1.Maladjusted marriages–the poorer the marriage, the less acceptance of the child

2.Arrival of another (perhaps more attractive or preferred-gender) sibling

3.Infant closely resembled a self-loathing parent

4.Children resembled “the other side of the family” whom the parent resents.

5.Untimely pregnancies -- infant considered an unwanted or unjust imposition

6.Child became a “stand-in for the other parent, rather than receiving affection in his own right

7.Latent hostility was unconsciously displaced from parent’s own rejecting parents to the child

8.Parents employed a hands-off policy with their children – to the point of neglect - due to being over-dominated by their own parents

9.Immediate identification of the child with the child’s father – especially true for unwed mothers

10.Mother couldn’t afford the emotional risk involved in loving a child, especially in cases where another child had been lost in death

11. Child was viewed as anchoring a couple to a difficult marriage

12. Viewed the child as an intruder with whom she was forced to share her husband. This is especially true if the mother had experienced rejection

13. Felt that the child had deprived her of a job or career that she enjoyed – having a child felt like a loss of freedom

14. Mother had major emotional or mental issues, that have been inadequately addressed.

Fathers:

1.Maladjusted marriage

2.Child was physically or psychologically unattractive

3.An untimely pregnancy

4.Close resemblance to their loathed selves

5.Close resemblance to their mate’s despised relatives

6.Jealousy

7.An inability to love

8.An unconscious repayment back to his own parents

9.Feeling of personal inadequacy

10. Promiscuity that cannot be satisfied with only one partner- feels tied down.

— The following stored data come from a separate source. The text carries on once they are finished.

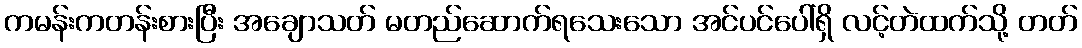
ကမန်းကတန်းစားပြီး အချောသတ် မတည်ဆောက်ရသေးသော အင်ပင်ပေါ်ရှိ လင့်တဲထက်သို့ တတ်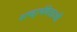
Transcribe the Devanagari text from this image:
शब्दार्थवेत्ताओं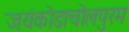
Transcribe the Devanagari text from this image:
जयंकोडाचोलपुरम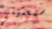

11. Questioning whether they had married the right woman.

12. Man had mental or emotional issues that have been inadequately treated.

*These lists were taken from Dr. Joseph Evoy's book, The Rejected. (25-31)

Of all the recorded abuses, rejection seems to carry the most pervasive and detrimental effects. Keep in mind however, that even after recovery, the memories of rejecting experiences remain, but the negative emotional charge, which drives feelings and behaviors, will be removed from those memories. When a slight occurs in the present, it can bring up a rejection you experienced in the past, but your response to it will be mitigated because of your recovery. It’ll be entirely different! You will just notice it and move on! Without recovery, only the Shadows of Acceptance are our norm.